Her third husband was Vincent Astor, who inherited great wealth when his father died aboard the Titanic in 1912. He owned Newsweek, the Hotel St. Regis, and many millions in real estate, as well as vast holdings in the automobile, shipping, and air transportation industries. The family's ancestry -- and fortune -- traces back to John Jacob Astor, America's richest man by his death in 1848, who accumulated his millions trading fur, tea and real estate. The family name is reflected in Manhattan's Astor Place, the Waldorf-Astoria, etc.
Vincent Astor reportedly once told his wife that when he died, she would have "a hell of a good time" giving away his fortune. He died of a heart attack in 1959, and over the next four decades she did indeed give it all away. "Money is like manure," she often said. "It should be spread around." Astor gave millions to the Bronx Zoo, International Rescue Committee, the Fresh Air Fund, Lighthouse for the Blind, the Maternity Center Association, the Metropolitan Museum of Art, and the New York Public Library, among other recipients, large and small. All told, she gave away about $195 million.
Toward the end of her life Astor suffered from Alzheimer's disease, and in 2006 she became the subject of a lawsuit alleging elder abuse. Her grandson claimed that Astor's son, Anthony Dryden Marshall, forced her to sleep on a urine-drenched couch, kept her beloved dogs locked in a separate room, replaced her name-brand face cream with petroleum jelly, and switched her prescriptions to lower-cost generic drugs. A court appointed Oscar de la Renta's wife Annette, a close friend of Astor, to act as her temporary guardian, and assigned corporate giant JPMorgan Chase to oversee her assets. A Morgan Chase audit later raised questions about $14-million in cash, property and stocks that Anthony Dryden Marshall received from Astor, who may not have realized what she was signing.

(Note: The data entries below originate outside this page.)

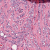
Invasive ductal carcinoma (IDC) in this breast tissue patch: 1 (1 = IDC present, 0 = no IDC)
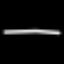
Label: line
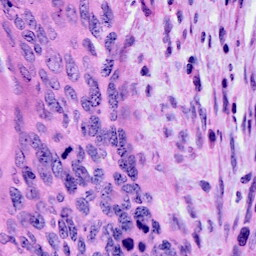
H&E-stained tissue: Cervix
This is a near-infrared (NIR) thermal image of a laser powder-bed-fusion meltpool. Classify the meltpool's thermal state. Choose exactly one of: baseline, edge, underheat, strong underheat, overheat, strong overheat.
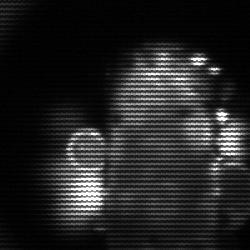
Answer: strong underheat
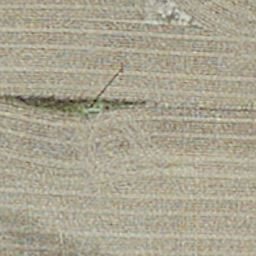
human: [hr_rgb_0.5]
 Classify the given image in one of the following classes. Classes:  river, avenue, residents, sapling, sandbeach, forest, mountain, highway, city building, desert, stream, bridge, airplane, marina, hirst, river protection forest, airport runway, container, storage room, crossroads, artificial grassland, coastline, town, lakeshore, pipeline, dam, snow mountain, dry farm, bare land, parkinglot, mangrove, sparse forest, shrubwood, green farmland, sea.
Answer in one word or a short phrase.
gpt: dry farm
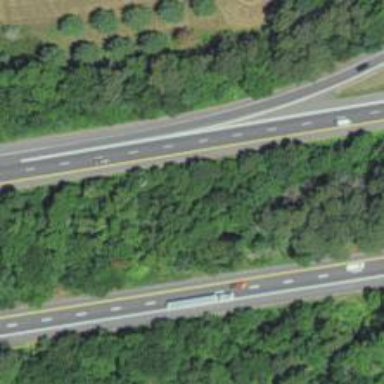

She was 105 when she died in 2007, and two years later her son was convicted of swindling her out of millions. Father: John Henry Russell, Jr. (Commandant of the USMC, b. 14-Nov-1872, d. 6-Mar-1947) Mother: Mabel Cecile Hornby Howard Russell (b. 1879, m. 12-Jun-1901, d. 1967) Husband: John Dryden Kuser (NJ Senator, b. 24 Sep 1897, m. 26-Apr-1919, div. 1930, d. 1996) Son: Anthony Dryden Kuser Marshall (US Ambassador, b. 30-May-1922, d. 30-Nov-2014) Husband: Charles Henry Marshall ("Buddy", stockbroker, b. 19-Jan-1891, m. 19-Apr-1932, d. 27-Nov-1952 stroke) Husband: William Vincent Astor (b. 15-Nov-1891, m. 8-Oct-1953, d. 2-Feb-1959 heart attack)
High School: Miss Madeira's School, Washington, DC (dropped out)
House & Garden Feature Editor Bill Bradley for President Friends of Giuliani Exploratory Committee George W. Bush for President New York Public Library Honorary Chairman Presidential Medal of Freedom 15-Jan-1998 National Medal of Arts 1988 Astor Family by marriage Risk Factors: Alzheimer's
FILMOGRAPHY AS ACTOR Bill Cunningham New York (24-Mar-2010) · Herself New York: A Documentary Film (14-Nov-1999) · Herself
Author of books:
Patchwork Child (1962, memoir) Footprints (1980, memoir)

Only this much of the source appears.